Bess of Hardwick, despite what some may see as hard-heartedness, displays a shrewd intelligence and bold independence that many readers may not expect of a sixteenth century woman. Have you found evidence of many women like her in your research?

The fascinating thing is that in this time, when women had no legal rights at all, we see an upflowering of women’s self-determination. I think this is partly the impact of Protestantism, which made the church’s learning accessible to women since it was now published in English; the rise of printing itself; the emphasis on individual conscience; and of course the need to make up your own mind in a society which had changed its religion four times in the last forty years. But there were very, very few women who made their money and kept it as Bess did.

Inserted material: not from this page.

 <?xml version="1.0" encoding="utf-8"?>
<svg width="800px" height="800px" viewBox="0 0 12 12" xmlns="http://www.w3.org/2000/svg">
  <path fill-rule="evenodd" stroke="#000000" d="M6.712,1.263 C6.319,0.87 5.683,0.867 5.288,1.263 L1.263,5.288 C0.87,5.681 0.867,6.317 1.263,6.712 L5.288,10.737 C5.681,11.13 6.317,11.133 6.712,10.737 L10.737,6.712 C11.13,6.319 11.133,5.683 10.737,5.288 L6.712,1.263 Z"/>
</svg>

Bess and Mary are similar and yet also entirely opposite in many ways. With whom did you find yourself sympathizing more as the novel progressed? Did you genuinely like either of them? Did you feel sorry for George, or were you as disappointed in him as Bess ultimately was?

I found I really genuinely liked both women, for their own very different qualities. I liked Mary’s sense of her self and her unremitting courage and determination, and probably the same qualities in Bess. My sympathies were pretty equally divided except I think it would have been right for Mary to have gone back to Scotland, as Elizabeth promised. And I saw George as an ordinary man trapped between three extraordinary women, trying to do his best.

The locations described in
The Other Queen
, such as Chatsworth, Tutbury Castle, and Bess’s masterpiece, Hardwick Hall, are all still standing. Have you been to these estates?

I always go to places that I describe—I think it is the only way to get the atmosphere. I even went to the ruins of Wingfield Palace and followed the course of the river, as Bess does on her approach.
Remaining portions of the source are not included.